With Bitcoin once again over $50,000, it's worth asking the question: What if crypto really has changed everything? On the upcoming episode of Odd Lots, Joseph Wang — a.k.a “Fed Guy” — makes an argument that rising crypto prices may be fundamentally altering the economy, viz. wealth effects and the labor market, in a way that has yet to really be appreciated or understood by old school economic authorities like the U.S. central bank. The basic gist is that since cryptocurrencies sit outside of national reporting systems, it's hard for policymakers to estimate or gauge their impact. Anecdotally for instance, we know that rising crypto prices have changed lives, but we don't really have a good way of tracking the aggregate effects on households, for obvious reasons.
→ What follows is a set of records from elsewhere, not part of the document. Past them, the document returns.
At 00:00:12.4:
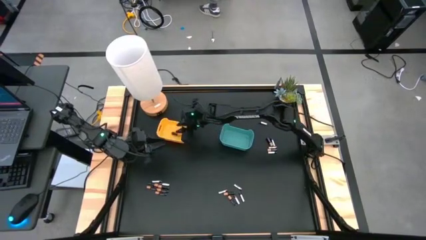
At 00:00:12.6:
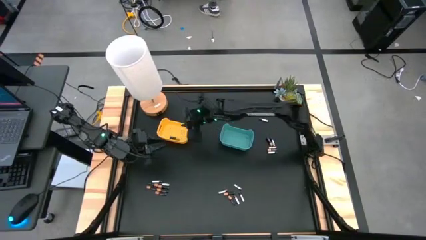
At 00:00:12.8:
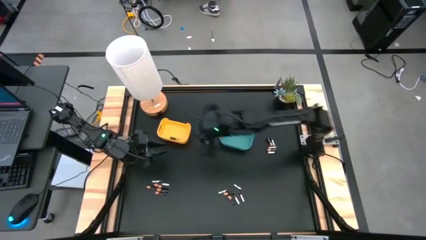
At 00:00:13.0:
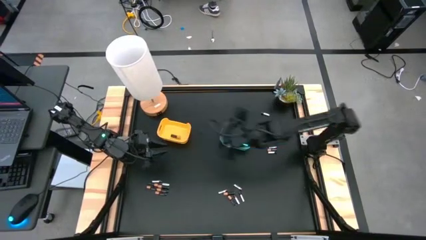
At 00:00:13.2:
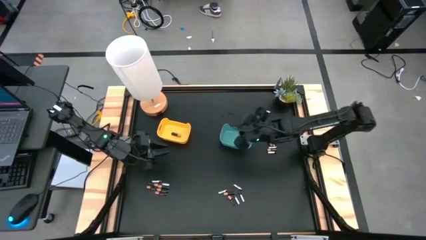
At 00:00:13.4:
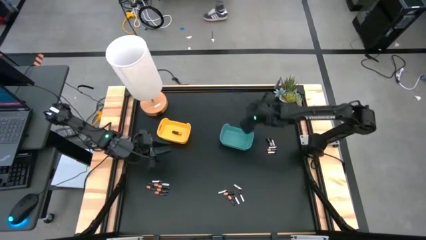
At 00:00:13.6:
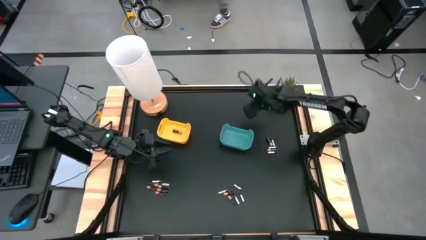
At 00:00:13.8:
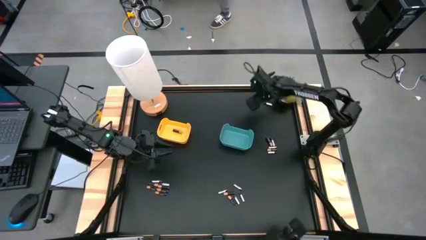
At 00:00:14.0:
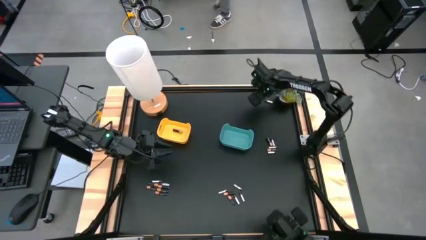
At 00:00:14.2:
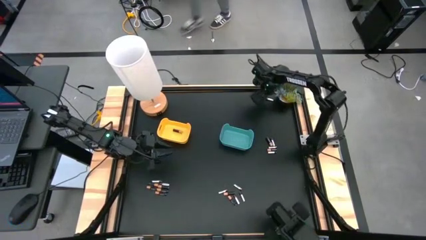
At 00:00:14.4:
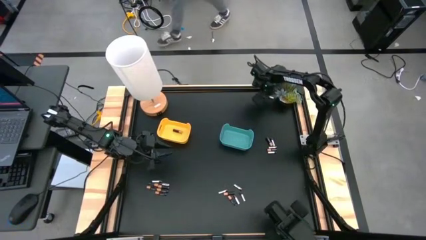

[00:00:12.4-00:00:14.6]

The rising value of crypto currencies may lead to an unappreciated wealth effect for central banks

Central banks are generally familiar with the idea of a wealth effect tied to the price of more traditional financial assets. If stocks get more valuable, people who own them might feel wealthier and more confident and then go out and buy more things. But Wang's argument is that with crypto having jumped from essentially nothing to a $2 trillion market, there is a hidden wealth effect that the Fed has yet to factor in. If enough people are wealthier because of crypto, then it could boost demand at a time when stocks and bonds are already at multi-year highs. It could also explain why labor shortages persist even with the unemployment rate relatively high. Why go to work if you can stay at home and make money from crypto? In that sense a crypto wealth effect may have permanently changed the labor market, and potentially raises the risk that the Fed inadvertently overheats the economy.